As the incident unfolds, most traffic destined to the customer is going through Rogers’ network compared to Bell Canada, so once the incident starts, 100% packet loss is observed across most paths.
However, unlike the previous examples, traffic is not dropped prior to reaching Rogers’ network. Instead, traffic destined to the customer’s prefix enters Rogers’ network and begins to loop internally until the traffic ultimately times out and is dropped.
Looking at the interfaces the traffic passed through within Rogers’ network reveals the severity of the looping issue, as seen in figure 8, where traffic repeatedly loops through the same router interface more than half a dozen times.
Rogers’ continued advertisement of its customer’s prefixes during this time enabled traffic to enter its network, but once inside the network, there appeared to be internal routing issues that prevented traffic from progressing to its destination, suggesting a broader issue impacting its control plane.
Given the timing of the measurements directly before and after the external BGP withdrawals (several minutes before and after), it’s difficult to definitively determine whether the internal routing issues precipitated the incident; however, such a scenario would reflect behavior designed to ensure network (in this case, Internet) resilience. If parts of a network become incapacitated because routing is not functioning, withdrawing external routes could be expected behavior—as was the case in the Facebook outage last year, when an internal issue triggered an automatic withdrawal of some external routes. In that case, the BGP withdrawals were simply a byproduct of the triggering event and even if the routes had not been withdrawn, the service would not have been available.
Regardless of the underlying cause, from a customer standpoint, impact is of greater importance. In the case of the customer shown above, because they were also connected to Bell Canada, routing eventually reconverged around routes through that service provider approximately 15 minutes after the start of the outage.

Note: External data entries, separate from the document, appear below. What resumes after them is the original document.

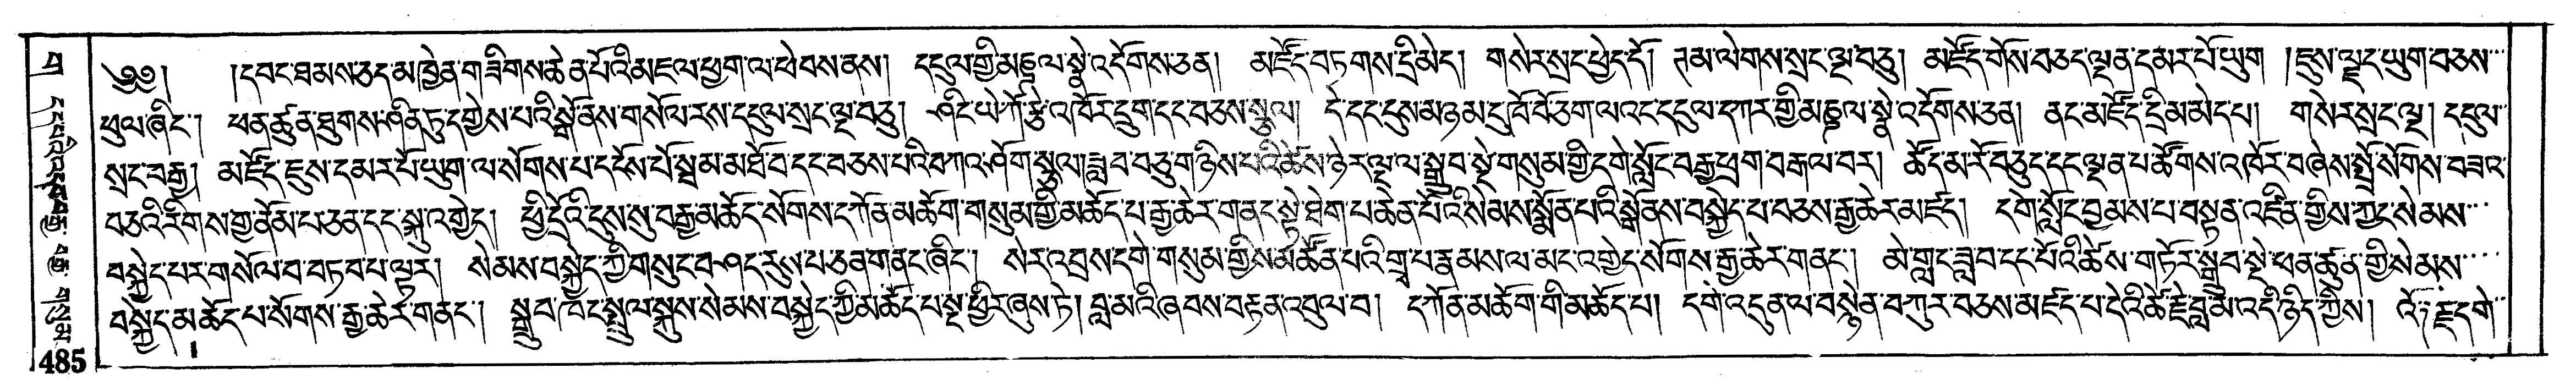༄༅། །དབང་ཐམས་ཅད་མཁྱེན་གཟིགས་ཆེན་པོའི་མཇལ་ཕྱག་ལ་ཕེབས་ནས། དངུལ་གྱི་མཎྜལ་སྣེ་འདོགས་ཅན། མཛོད་བཏགས་དྲི་མེད། གསེར་སྲང་ཕྱེད་དོ། ཊམ་ལེགས་སྲང་ལྔ་བཅུ། མཛོད་གོས་བཅད་ལྡན་དམར་པོ་ཡུག །ཇུས་ལྗང་ཡུག་བཅས་
ཕུལ་ཞིང་། ཕན་ཚུན་ཐུགས་ཤིན་ཏུ་དགྱེས་པའི་སྒོ་ནས་གསོལ་རས་དངུལ་སྲང་ལྔ་བཅུ། ཤིང་ཡེ་ཀོ་རྩེ་འཁོར་དྲུག་དང་བཅས་སྩལ། དེ་དང་དུས་མཉམ་དུ་ཁོ་བོ་ཅག་ལའང་དངུལ་དཀར་གྱི་མཎྜལ་སྣེ་འདོགས་ཅན། ནང་མཛོད་དྲི་མ་མེད་པ། གསེར་སྲང་ལྔ། དངུལ་
སྲང་བརྒྱ། མཛོད་ཇུས་དམར་པོ་ཡུག་ལ་སོགས་པ་དངོས་པོ་སྤམ་མཐོ་བ་དང་བཅས་པའི་བཀའ་ཤོག་སྩལ། ཟླ་བ་བཅུ་གཉིས་པའི་ཚེས་ཉེར་ལྔ་ལ་སྒྲུབ་སྡེ་གསུམ་གྱི་དགེ་སློང་བརྒྱ་ཕྲག་བརྒལ་བར། ཚོད་མ་རོ་བཅུད་དང་ལྡན་པ་ཚོགས་འཁོར་བཞེས་སྤྲོ་སོགས་བཟའ་
བཅའི་རིགས་གྱ་ནོམ་པ་ཅན་དང་སྐུ་འགྱེད། ཕྱི་དྲོའི་དུས་སུ་བརྒྱ་མཆོད་སོགས་དཀོན་མཆོག་གསུམ་གྱི་མཆོད་པ་རྒྱ་ཆེར་གནང་སྟེ་ཐེག་པ་ཆེན་པོའི་སེམས་སྨོན་པའི་སྒོ་ནས་བསྐྱེད་པ་བཅས་རྒྱ་ཆེར་མཛད། དགེ་སློང་བྱམས་པ་བསྟན་འཛིན་གྱིས་ཀྱང་སེམས་
བསྐྱེད་པར་གསོལ་བ་བཏབ་པ་ལྟར། སེམས་བསྐྱེད་ཀྱི་གསུང་བཤད་རུས་པ་ཅན་གནང་ཞིང་། སེར་འབྲས་དགེ་གསུམ་གྱིས་མཚོན་པའི་གྲྭ་པ་རྣམས་ལ་མང་འགྱེད་སོགས་རྒྱ་ཆེར་གནང་། མེ་གླང་ཟླ་བ་དང་པོའི་ཚེས་གཏོར་སྒྲུབ་སྡེ་ཕན་ཚུན་གྱི་སེམས་
བསྐྱེད་མཆོད་པ་སོགས་རྒྱ་ཆེར་གནང་། སྒྲུབ་ཁང་སྤྲུལ་སྐུས་སེམས་བསྐྱེད་ཀྱི་མཆོད་པ་སྔ་ཕྱིར་ཞུས་ཏེ། བླ་མའི་ཞབས་བརྟན་འབུལ་བ། དཀོན་མཆོག་གི་མཆོད་པ། དགེ་འདུན་ལ་བསྙེན་བཀུར་བཅས་མཛད་པ་དེའི་ཚེ་རྗེ་བླ་མ་འདི་ཉིད་ཀྱིས། འོ༑ རྗེ་དགེ་

Long stretches of availability followed by route instability and service disruption may indicate that Rogers was not aware of the specific change that triggered the routing issues, leading to repetition of the precipitating event and resultant service disruption.

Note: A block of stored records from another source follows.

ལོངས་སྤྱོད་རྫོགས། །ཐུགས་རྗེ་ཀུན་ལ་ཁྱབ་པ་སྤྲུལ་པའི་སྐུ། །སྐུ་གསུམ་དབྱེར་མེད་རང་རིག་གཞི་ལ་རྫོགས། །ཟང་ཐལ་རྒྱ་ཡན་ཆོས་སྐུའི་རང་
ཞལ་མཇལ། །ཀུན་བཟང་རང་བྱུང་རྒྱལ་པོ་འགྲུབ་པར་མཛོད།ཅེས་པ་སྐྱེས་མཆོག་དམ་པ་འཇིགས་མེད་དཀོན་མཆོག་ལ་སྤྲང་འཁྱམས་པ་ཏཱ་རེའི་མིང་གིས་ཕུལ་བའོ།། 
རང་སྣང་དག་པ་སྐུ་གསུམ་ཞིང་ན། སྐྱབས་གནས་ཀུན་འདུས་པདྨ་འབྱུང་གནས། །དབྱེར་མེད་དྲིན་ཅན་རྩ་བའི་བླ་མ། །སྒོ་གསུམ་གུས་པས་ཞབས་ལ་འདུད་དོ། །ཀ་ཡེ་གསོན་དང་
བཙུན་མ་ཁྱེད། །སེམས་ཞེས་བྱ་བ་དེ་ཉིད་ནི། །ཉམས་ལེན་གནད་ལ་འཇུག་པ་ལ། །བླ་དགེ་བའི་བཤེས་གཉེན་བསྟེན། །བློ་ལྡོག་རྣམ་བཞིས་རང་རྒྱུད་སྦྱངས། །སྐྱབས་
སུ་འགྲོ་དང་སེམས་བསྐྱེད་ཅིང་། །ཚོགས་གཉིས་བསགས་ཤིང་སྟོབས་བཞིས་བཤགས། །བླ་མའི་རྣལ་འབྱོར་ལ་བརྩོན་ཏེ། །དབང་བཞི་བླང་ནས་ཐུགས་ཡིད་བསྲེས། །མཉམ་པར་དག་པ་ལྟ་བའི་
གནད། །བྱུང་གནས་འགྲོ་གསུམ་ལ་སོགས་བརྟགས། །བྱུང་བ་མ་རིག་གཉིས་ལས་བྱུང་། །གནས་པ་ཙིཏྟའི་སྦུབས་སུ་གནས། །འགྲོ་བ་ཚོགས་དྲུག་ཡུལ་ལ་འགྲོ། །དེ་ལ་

During periods when some of Rogers’ prefixes are reachable, traffic flows normally for some users, as seen in figure 11.
Lessons and Takeaways
Outages are inevitable and no provider is immune to them, including operators of the largest networks and services, such as Facebook, Google, and AWS. However, outage impact can vary widely depending on whether enterprises have taken steps to reduce their risk and increase their responsiveness. This outage was an important reminder on the need for redundancy for every critical service dependency. Here are some takeaways from this outage and its enterprise customer impact:
- Diversify your delivery services—having more than one network provider in place or at the ready will reduce the impact of any one ISP experiencing a disruption in service.
- Have a backup plan for when outages happen, and be sure you have proactive visibility in place so you know when you need to activate your backup procedures (such as revoking a BGP announcement to an ISP having an outage so your users are routed around the problem).

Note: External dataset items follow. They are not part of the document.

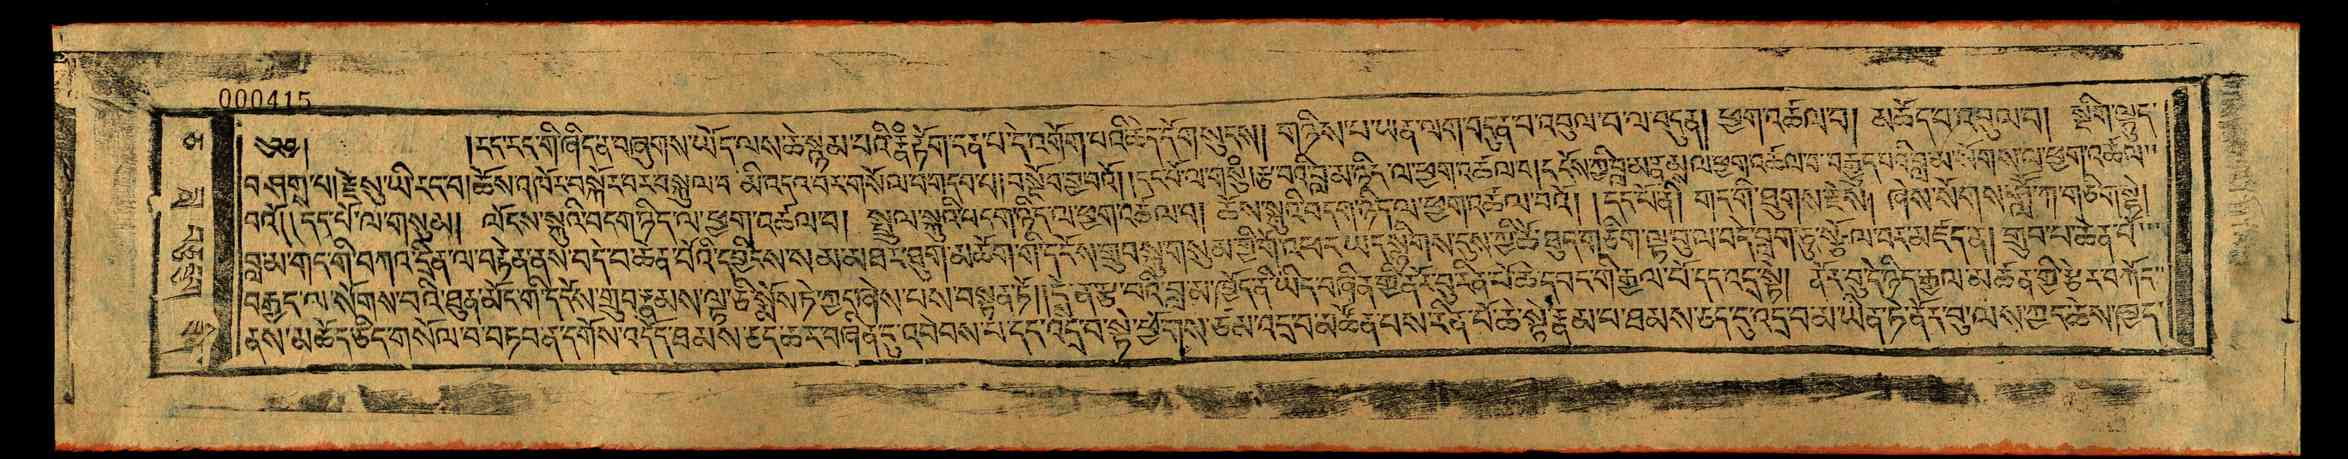༄༅། །རང་རང་གི་ཞིང་ན་བཞུགས་ཡོད་ལས་ཆེ་སྙམ་པའི་རྣམ་རྟོག་ངན་པ་དེ་འགོག་པའི་ཆེད་དོ་གསུངས། གཉིས་པ་ཡན་ལག་བདུན་པ་འབུལ་བ་ལ་བདུན། ཕྱག་འཚལ་བ། མཆོད་པ་འབུལ་བ། སྡིག་ལྟུང་
བཤགས་པ། རྗེས་སུ་ཡི་རང་བ། ཆོས་འཁོར་བསྐོར་བར་བསྐུལ་བ། མི་འདའ་བར་གསོལ་བ་གདབ་པ། བསྔོ་བ་བྱ་བའོ། །དང་པོ་ལ་གསུམ། རྩ་བའི་བླ་མ་ཉིད་ལ་ཕྱག་འཚལ་བ་དངོས་ཀྱི་བླ་མ་རྣམས་ལ་ཕྱག་འཚལ་བ། བརྒྱུད་པའི་བླ་མ་སོགས་ལ་ཕྱག་འཚལ་
བའོ༑ ༑དང་པོ་ལ་གསུམ། ལོངས་སྐུའི་བདག་ཉིད་ལ་ཕྱག་འཚལ་བ། སྤྲུལ་སྐུའི་བདག་ཉིད་ལ་ཕྱག་འཚལ་བ། ཆོས་སྐུའི་བདག་ཉིད་ལ་ཕྱག་འཚལ་བའོ། །དང་པོ་ནི། གང་གི་ཐུགས་རྗེས། ཞེས་སོགས་ཤླཽ་ཀ་གཅིག་སྟེ།
བླ་མ་གང་གི་བཀའ་དྲིན་ལ་བརྟེན་ནས་བདེ་བ་ཆེན་པོའི་དབྱིངས་སམ་མཐར་ཐུག་མཆོག་གི་དངོས་གྲུབ་སྐུ་གསུམ་གྱི་གོ་འཕང་ཡང་སྙིགས་དུས་ཀྱི་ཚེ་ཐུང་གཅིག་ལྟ་བུ་ལ་བདེ་བླག་ཏུ་སྩོལ་བར་མཛད་ན། གྲུབ་པ་ཆེན་པོ་
བརྒྱད་ལ་སོགས་པའི་ཐུན་མོང་གི་དངོས་གྲུབ་རྣམས་ལྟ་ཅི་སྨོས་ཏེ་ཀྱང་ཞེས་པས་བསྟན་ཏོ། །དེས་ན་རྩ་བའི་བླ་མ་ཁྱོད་ནི་ཡིད་བཞིན་གྱི་ནོར་བུ་རིན་པོ་ཆེ་དབང་གི་རྒྱལ་པོ་དང་འདྲ་སྟེ། ནོར་བུ་དེ་ཉིད་རྒྱལ་མཚན་གྱི་རྩེར་བཀོད་
ནས་མཆོད་ཅིང་གསོལ་བ་བཏབ་ན་དགོས་འདོད་ཐམས་ཅད་ཆར་བཞིན་དུ་འབེབས་པ་དང་འདྲ་བ་སྟེ་ཕྱོགས་ཙམ་འདྲ་བ་མཚོན་པས་རིན་པོ་ཆེ་སྟེ་རྣམ་པ་ཐམས་ཅད་དུ་འདྲ་བ་མ་ཡིན་ཏེ་ནོར་བུ་ལས་ཀྱང་ཆེས་ཁྱད་

- Understand all of your dependencies—even indirect, “hidden” ones. For example, if you rely on external services for site or app components, be sure to understand their dependencies, such as their ISP providers, so you can ensure they are also resilient.
Continuous visibility into the availability of your services over the Internet will ensure you have proactive awareness of potential issues and enable you to respond quickly to resolve them.